[Opening Material provided section]
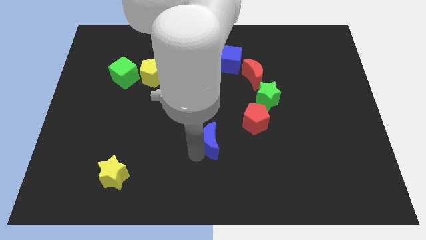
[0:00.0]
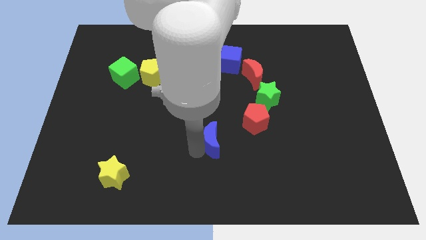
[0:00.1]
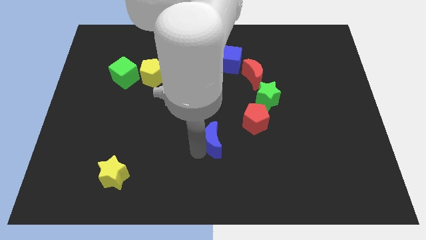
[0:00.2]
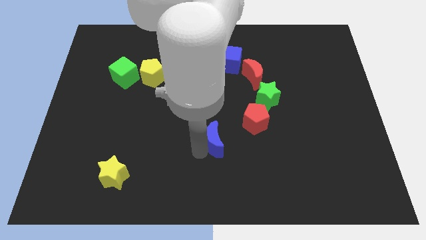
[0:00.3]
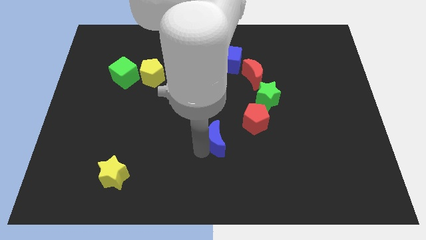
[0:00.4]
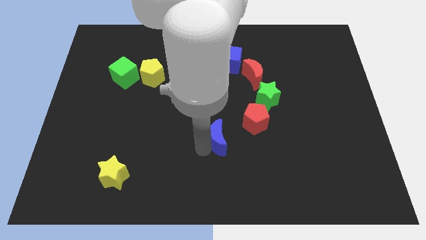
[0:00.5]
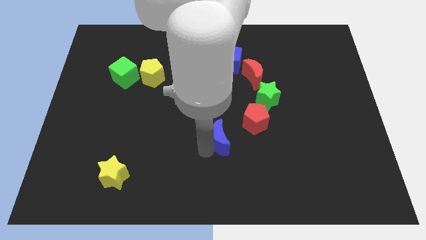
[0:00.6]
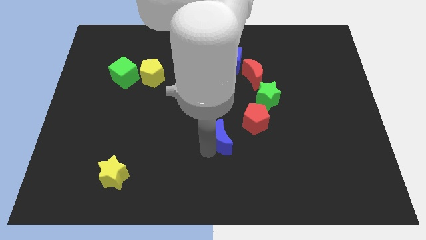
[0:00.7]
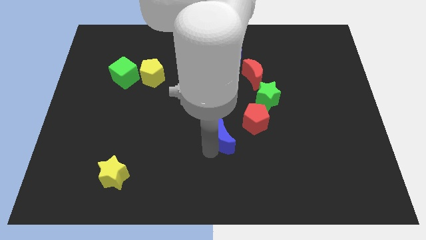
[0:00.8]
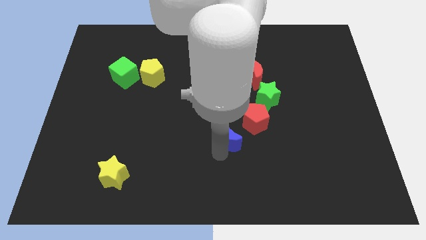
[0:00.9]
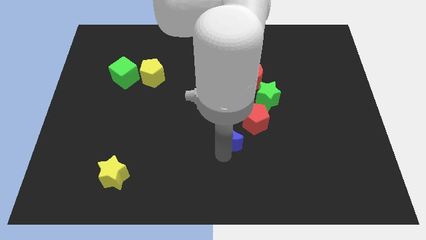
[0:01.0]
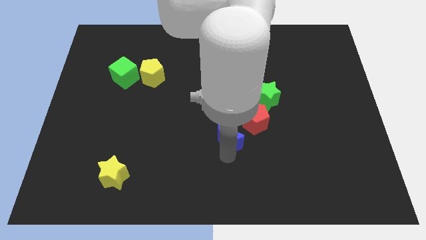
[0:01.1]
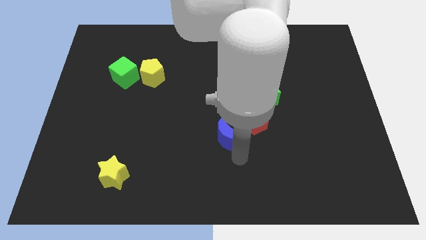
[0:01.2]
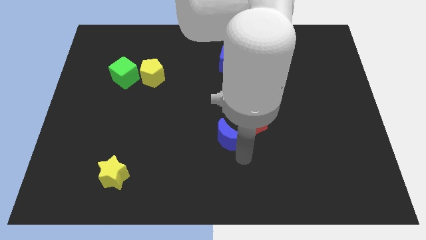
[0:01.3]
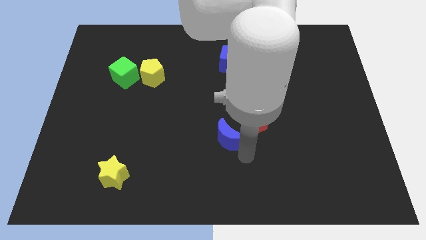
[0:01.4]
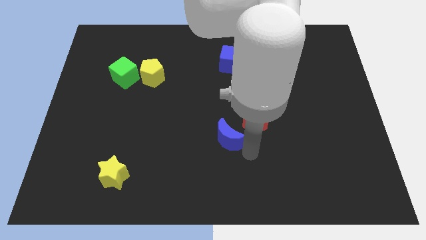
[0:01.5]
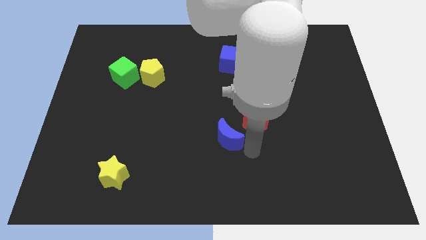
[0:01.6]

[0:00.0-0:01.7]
move blue moon towards red pentagon

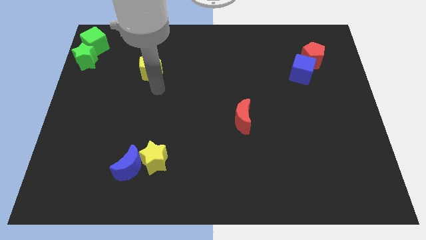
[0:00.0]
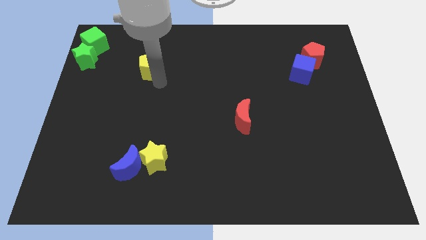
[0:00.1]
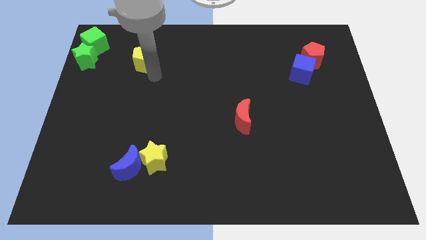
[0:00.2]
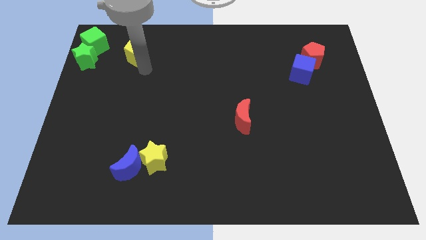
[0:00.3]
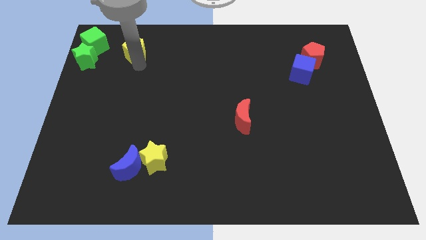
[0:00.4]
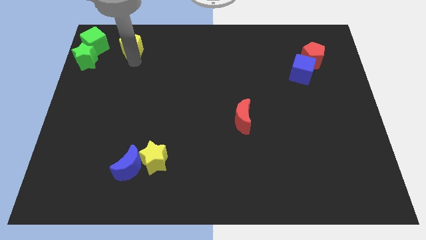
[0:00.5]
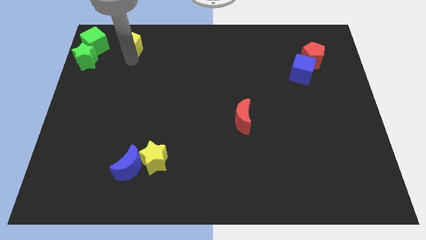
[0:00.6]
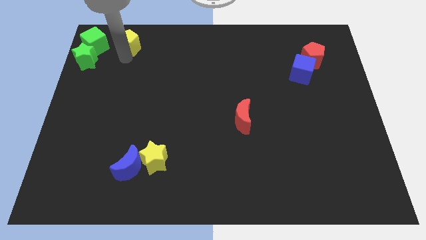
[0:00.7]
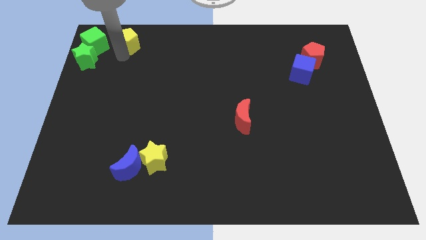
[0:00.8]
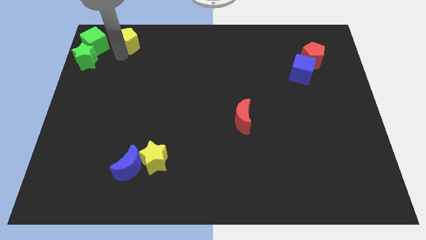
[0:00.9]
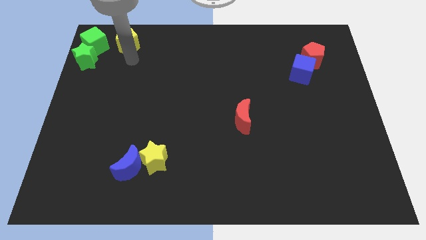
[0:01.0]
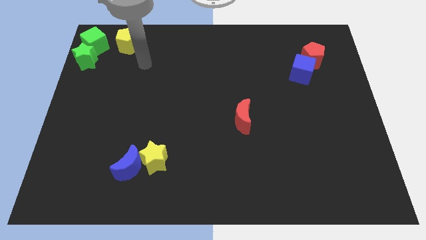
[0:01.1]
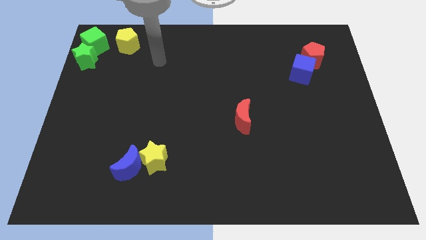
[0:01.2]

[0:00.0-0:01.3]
place the yellow pentagon to the right side of the green cube
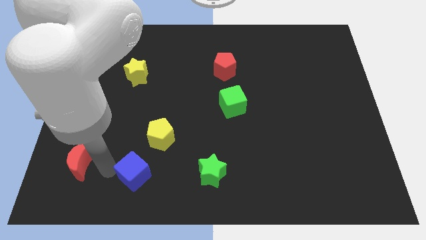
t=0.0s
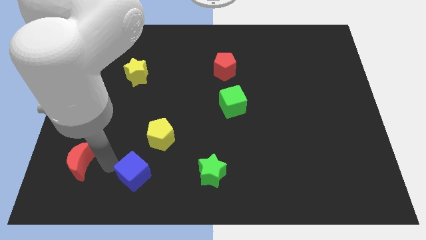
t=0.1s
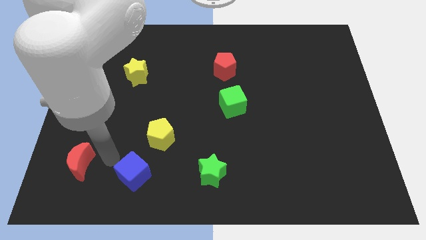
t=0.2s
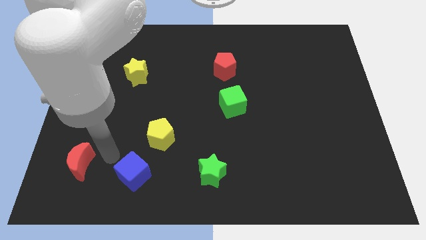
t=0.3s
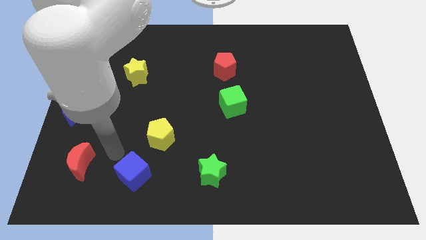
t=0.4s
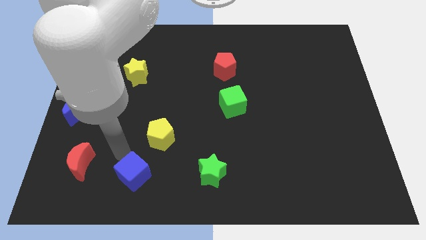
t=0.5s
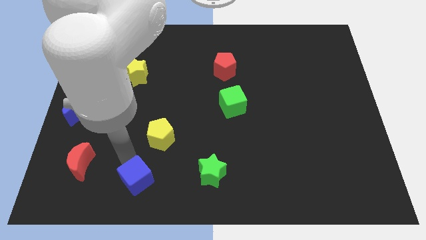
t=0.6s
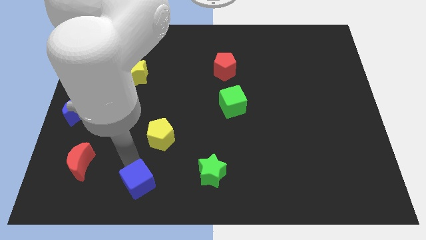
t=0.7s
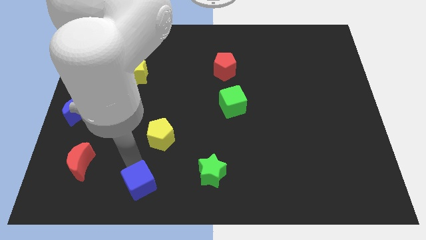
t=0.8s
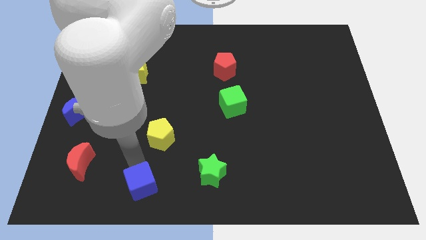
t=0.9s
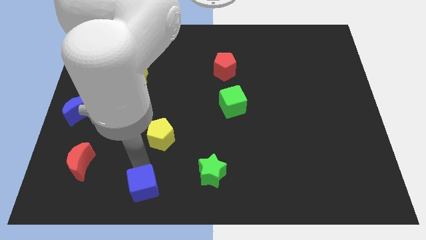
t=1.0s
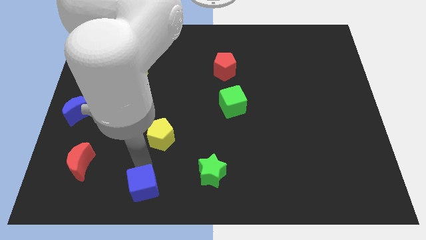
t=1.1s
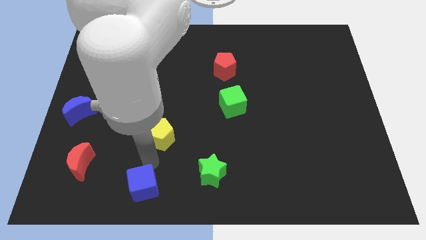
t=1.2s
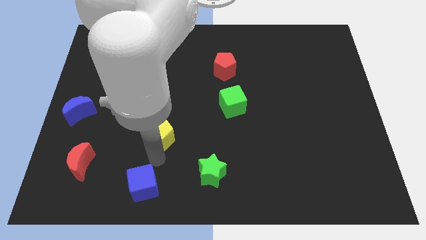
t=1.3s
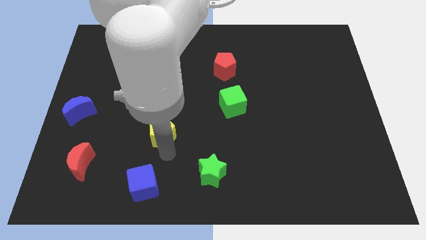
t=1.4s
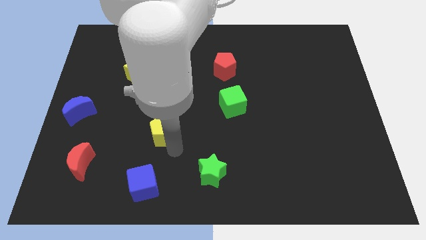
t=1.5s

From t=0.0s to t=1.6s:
push the blue cube slightly to the bottom
[Closing Material provided section]
Task to carry out: Type out each line of the records above exactly, skipping any pictures.

Answer space:
[0:00.0]
[0:00.1]
[0:00.2]
[0:00.3]
[0:00.4]
[0:00.5]
[0:00.6]
[0:00.7]
[0:00.8]
[0:00.9]
[0:01.0]
[0:01.1]
[0:01.2]
[0:01.3]
[0:01.4]
[0:01.5]
[0:01.6]

[0:00.0-0:01.7]
move blue moon towards red pentagon

[0:00.0]
[0:00.1]
[0:00.2]
[0:00.3]
[0:00.4]
[0:00.5]
[0:00.6]
[0:00.7]
[0:00.8]
[0:00.9]
[0:01.0]
[0:01.1]
[0:01.2]

[0:00.0-0:01.3]
place the yellow pentagon to the right side of the green cube
t=0.0s
t=0.1s
t=0.2s
t=0.3s
t=0.4s
t=0.5s
t=0.6s
t=0.7s
t=0.8s
t=0.9s
t=1.0s
t=1.1s
t=1.2s
t=1.3s
t=1.4s
t=1.5s

From t=0.0s to t=1.6s:
push the blue cube slightly to the bottom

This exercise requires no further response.